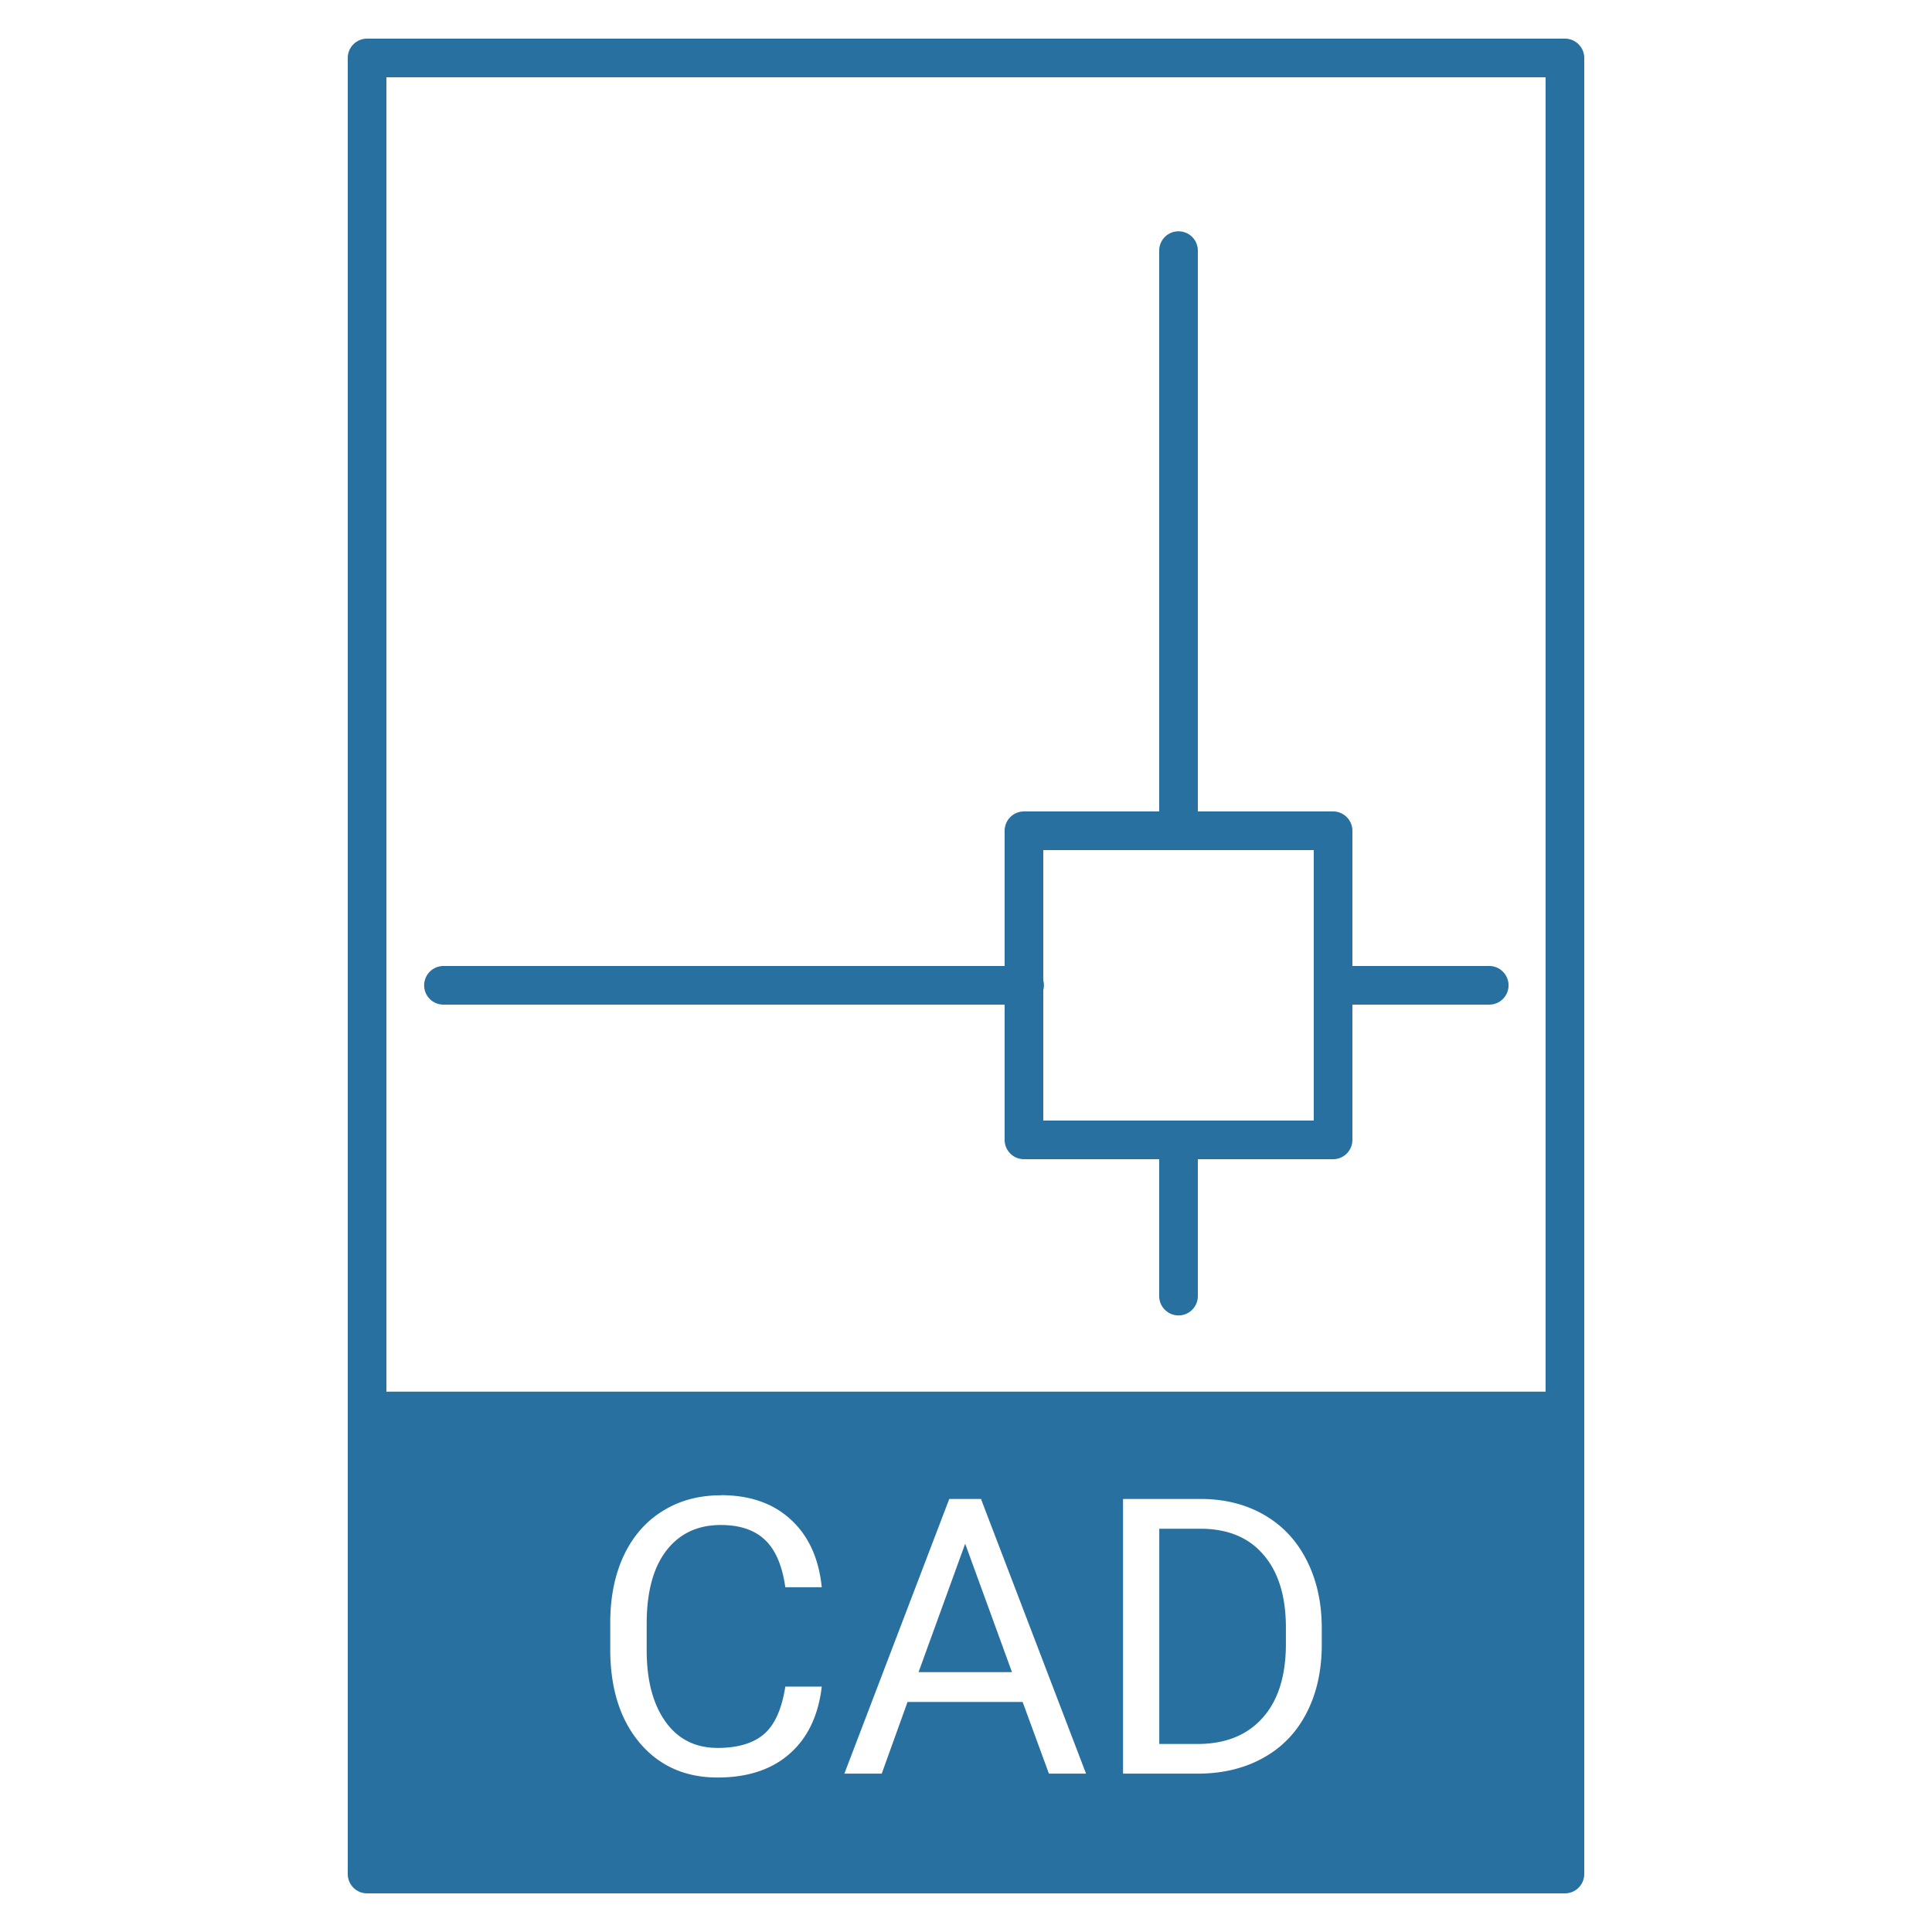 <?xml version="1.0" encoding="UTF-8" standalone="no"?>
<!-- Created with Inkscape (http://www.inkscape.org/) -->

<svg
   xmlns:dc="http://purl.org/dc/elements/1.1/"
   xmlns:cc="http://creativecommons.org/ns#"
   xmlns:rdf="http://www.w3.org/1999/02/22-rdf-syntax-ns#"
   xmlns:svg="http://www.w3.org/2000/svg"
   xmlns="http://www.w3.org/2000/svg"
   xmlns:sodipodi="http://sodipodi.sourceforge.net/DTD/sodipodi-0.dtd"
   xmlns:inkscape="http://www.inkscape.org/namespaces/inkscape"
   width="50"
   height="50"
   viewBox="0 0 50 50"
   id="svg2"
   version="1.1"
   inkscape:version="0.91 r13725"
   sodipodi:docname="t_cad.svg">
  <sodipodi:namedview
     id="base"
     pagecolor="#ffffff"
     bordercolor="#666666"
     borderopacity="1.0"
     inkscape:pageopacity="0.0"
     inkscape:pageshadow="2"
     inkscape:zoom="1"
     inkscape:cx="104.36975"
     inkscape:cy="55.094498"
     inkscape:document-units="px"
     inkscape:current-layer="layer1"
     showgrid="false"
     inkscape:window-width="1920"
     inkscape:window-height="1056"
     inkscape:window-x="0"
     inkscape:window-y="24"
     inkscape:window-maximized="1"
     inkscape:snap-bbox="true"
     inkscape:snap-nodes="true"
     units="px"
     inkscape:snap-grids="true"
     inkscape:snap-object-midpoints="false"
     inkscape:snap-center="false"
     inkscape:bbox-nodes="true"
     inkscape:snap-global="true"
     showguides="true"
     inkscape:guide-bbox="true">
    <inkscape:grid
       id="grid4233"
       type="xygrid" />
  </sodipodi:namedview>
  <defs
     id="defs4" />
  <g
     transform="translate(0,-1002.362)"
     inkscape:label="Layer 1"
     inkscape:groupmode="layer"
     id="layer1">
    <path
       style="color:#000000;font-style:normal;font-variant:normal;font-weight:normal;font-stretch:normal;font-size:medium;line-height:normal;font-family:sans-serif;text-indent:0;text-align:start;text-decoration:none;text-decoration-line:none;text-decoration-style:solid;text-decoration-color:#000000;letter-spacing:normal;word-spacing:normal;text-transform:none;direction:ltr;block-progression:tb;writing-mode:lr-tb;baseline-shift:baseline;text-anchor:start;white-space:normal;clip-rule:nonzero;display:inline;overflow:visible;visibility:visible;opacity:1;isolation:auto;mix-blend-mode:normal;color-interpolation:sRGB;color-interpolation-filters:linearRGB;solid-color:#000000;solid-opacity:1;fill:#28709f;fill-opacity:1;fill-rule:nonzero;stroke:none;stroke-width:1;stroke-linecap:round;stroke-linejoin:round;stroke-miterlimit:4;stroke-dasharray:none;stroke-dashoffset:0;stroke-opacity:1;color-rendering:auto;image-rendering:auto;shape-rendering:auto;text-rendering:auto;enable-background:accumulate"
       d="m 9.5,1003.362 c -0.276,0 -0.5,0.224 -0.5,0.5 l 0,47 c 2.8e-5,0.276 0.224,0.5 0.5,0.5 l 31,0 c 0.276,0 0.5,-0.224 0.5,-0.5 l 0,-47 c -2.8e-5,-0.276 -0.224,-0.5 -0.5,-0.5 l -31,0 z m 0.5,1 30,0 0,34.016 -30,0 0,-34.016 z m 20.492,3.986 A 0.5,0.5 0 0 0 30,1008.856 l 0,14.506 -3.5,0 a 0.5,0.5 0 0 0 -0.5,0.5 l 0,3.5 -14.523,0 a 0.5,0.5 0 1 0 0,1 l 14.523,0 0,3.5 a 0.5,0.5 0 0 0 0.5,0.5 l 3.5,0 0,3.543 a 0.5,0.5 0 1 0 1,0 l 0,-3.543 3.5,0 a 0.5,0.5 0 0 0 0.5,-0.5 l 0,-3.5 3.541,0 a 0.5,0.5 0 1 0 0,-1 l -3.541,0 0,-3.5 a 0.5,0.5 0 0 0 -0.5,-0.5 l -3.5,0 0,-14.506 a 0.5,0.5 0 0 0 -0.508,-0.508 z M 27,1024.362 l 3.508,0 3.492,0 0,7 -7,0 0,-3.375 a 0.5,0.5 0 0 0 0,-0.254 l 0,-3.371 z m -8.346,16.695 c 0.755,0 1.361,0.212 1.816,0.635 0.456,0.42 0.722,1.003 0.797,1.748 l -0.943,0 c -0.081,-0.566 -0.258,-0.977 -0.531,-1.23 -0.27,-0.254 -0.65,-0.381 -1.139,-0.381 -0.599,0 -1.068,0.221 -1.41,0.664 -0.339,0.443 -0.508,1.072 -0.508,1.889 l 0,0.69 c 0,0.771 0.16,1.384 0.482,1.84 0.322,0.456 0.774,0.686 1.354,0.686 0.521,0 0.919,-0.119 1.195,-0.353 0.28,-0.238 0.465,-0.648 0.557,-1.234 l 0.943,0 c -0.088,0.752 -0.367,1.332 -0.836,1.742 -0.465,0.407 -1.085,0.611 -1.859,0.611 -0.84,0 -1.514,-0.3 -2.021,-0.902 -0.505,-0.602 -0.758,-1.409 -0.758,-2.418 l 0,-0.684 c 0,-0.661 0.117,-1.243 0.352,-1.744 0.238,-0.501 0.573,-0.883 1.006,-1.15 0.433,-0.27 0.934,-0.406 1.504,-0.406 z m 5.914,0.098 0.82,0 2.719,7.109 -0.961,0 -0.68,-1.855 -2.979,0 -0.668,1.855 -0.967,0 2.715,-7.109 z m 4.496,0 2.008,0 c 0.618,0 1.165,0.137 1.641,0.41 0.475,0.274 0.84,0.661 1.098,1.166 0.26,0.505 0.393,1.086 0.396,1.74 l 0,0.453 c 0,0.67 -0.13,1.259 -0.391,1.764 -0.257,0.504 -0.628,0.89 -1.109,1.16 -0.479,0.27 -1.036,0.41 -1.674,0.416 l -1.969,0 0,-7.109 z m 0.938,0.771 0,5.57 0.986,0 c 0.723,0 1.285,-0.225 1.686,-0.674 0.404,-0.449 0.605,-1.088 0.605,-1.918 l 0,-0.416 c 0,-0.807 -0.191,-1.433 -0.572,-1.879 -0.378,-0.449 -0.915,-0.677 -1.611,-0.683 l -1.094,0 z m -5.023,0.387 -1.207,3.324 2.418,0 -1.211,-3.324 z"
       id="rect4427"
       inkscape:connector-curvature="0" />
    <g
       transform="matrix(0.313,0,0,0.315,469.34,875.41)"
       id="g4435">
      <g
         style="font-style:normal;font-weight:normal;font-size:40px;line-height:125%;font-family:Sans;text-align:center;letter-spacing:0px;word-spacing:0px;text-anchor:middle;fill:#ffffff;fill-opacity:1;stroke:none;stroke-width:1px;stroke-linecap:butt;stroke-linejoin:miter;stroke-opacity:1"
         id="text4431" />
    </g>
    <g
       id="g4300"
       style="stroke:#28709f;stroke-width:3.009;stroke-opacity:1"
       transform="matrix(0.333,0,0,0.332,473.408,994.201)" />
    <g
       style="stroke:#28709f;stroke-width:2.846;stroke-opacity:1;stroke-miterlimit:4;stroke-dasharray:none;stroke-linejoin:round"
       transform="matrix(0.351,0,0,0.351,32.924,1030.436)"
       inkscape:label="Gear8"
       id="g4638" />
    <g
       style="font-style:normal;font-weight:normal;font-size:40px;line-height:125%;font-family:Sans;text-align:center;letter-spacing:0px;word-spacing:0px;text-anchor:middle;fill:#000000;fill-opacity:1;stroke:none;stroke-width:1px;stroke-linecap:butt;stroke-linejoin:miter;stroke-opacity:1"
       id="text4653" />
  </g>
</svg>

....................

** Exercise objective **
Among the lines above, which ones include the word "namedview"? Copy them.

** Answer to this exercise **
  <sodipodi:namedview
  </sodipodi:namedview>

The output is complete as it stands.